Q: So, talk a little bit about the Type One kind, the more common kind of error. Can you give me a few examples of that?

A: There are lots of examples. The way in which Type One errors occur in the case of underestimating culture's impact usually occurs in terms of lack of communication. That means that it usually occurs in situations of negotiation, bargaining, or in a third-party sense of mediation because culture will affect communicational styles. Most of the work that has gone into what I call Type One errors has to do with talking about the ways in which there are different communicational styles or narrative styles that are impacted by culture, and there's a large literature on that mostly out of the negotiation field. Ed Hall's high context/low context is probably the best known of that from social psychologists, like Harry Travis, who get individualism and collectivism. These are orientations towards the world and towards society that vary from culture to culture. These are deeper contextual differences, individualism and collectivism, but where they output, if you will, in a conflict resolution setting like negotiation and mediation, is where individualists and collectivists will have different communicational styles. The classical one being face.

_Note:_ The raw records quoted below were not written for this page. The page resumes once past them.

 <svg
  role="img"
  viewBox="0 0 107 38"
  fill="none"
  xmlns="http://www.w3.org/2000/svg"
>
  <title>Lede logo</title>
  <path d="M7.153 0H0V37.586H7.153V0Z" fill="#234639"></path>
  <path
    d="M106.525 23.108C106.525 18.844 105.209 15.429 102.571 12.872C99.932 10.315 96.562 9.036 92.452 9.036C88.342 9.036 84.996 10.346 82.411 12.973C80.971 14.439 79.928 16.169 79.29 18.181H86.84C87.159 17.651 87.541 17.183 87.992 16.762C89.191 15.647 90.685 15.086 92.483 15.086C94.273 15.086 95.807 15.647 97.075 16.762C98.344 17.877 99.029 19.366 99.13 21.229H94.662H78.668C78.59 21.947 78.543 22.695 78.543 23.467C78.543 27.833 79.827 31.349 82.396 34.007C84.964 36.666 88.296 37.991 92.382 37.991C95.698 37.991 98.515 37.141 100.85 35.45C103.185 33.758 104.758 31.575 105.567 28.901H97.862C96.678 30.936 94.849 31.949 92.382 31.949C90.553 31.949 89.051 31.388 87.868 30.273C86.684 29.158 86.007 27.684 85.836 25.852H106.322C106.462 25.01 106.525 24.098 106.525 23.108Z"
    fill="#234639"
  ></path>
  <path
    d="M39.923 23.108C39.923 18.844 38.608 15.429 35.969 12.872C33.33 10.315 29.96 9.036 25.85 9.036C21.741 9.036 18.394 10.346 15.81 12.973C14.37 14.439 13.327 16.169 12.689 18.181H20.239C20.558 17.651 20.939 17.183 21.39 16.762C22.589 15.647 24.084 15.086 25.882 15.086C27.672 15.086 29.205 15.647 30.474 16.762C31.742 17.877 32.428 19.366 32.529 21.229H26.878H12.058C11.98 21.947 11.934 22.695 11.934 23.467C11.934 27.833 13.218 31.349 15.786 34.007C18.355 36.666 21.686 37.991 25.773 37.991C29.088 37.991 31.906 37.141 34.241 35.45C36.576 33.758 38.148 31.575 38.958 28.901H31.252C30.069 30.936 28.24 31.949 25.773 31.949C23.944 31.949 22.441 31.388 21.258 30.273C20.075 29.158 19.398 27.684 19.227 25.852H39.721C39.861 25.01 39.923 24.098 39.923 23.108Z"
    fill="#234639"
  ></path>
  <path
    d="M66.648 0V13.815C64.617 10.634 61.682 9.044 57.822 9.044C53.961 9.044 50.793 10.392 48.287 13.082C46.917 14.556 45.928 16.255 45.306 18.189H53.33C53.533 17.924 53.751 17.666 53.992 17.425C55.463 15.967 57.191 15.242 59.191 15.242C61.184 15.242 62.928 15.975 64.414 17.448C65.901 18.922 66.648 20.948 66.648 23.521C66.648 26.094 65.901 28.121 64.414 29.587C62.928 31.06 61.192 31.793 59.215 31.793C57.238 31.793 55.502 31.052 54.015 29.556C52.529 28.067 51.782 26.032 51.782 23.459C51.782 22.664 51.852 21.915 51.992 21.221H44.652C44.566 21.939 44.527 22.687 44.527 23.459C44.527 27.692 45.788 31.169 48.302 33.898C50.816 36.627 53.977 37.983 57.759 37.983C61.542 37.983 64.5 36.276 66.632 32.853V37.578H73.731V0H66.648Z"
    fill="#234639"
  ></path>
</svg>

Collectivists can be very guardful of face and tend to be high context where the information is not simply in the utterance and message, but is in all the paralinguistic things. Low context folks, individualists will not be so concerned with face. They'll be more task-oriented. Most of the information in the utterance will be carried in the message, and so forth. There are different orientations towards time. There are different orientations towards risk. If you have risk-averse meaning, risk non-averse, or low context meaning high context then you'll have clashing styles of communication. Where even if there are tremendous potential zones of agreement, even if you can do the Classic "Getting to Yes," or interest base there'll be bargaining and so forth. There'll be enough noise in the system because of the different cultural styles that you can't reach the point where you can actually negotiate interest. The classic Type One errors occur at the level of communicational impedances that will affect conflict resolution processes.

Q: How do you identify the differences and then how do you deal with them?

A: You identify them first by generalizing them, so I'm moving away from the particularities. You generalize them by saying, "OK. I know this particular negotiation involves Americans and Asians. I know with all other things being equal, Americans are going to be individualistic and low context, and Asians are going to be collectivist and high context." That's just your starting point. You bring that in as an observer or as a party and you see the extent to which, in this particular negotiation, with these particular interlockers some of the moments that I call "communicational opacity," that's an opaqueness where things aren't happening, some of them can be explained by these differences which you hypothetically come to expect. You keep alert.

One of the ways to find it is through a quality that's important for practitioners called mindfulness, awareness. What you're mindful of in particular here is the possibility of variance in cultural issues. Then what do you do about them? Knowing about them is not all that you need to make something work, but it goes a long, long way. If you're aware of them as a third party then you know that there are face issues, and that you have to protect the party whose concerns are with face. You may have to educate the low context party about face issues separately in a caucus or something like that. Again, education, protection, awareness are things that you, as a third party, would be aware of. In a sense, what I'm saying is you have to be a cultural analyst in addition to being a conflict analyst. These are things that will help the communicational flow. These are not silver-bullet-solutions to the problem, necessarily. Ironically, of course, one of the things that can happen if you really remove most impedances in negotiation, and you get clear communication, is that a conflict may appear more intractable after efficient communication than it did before. We owe our parties that.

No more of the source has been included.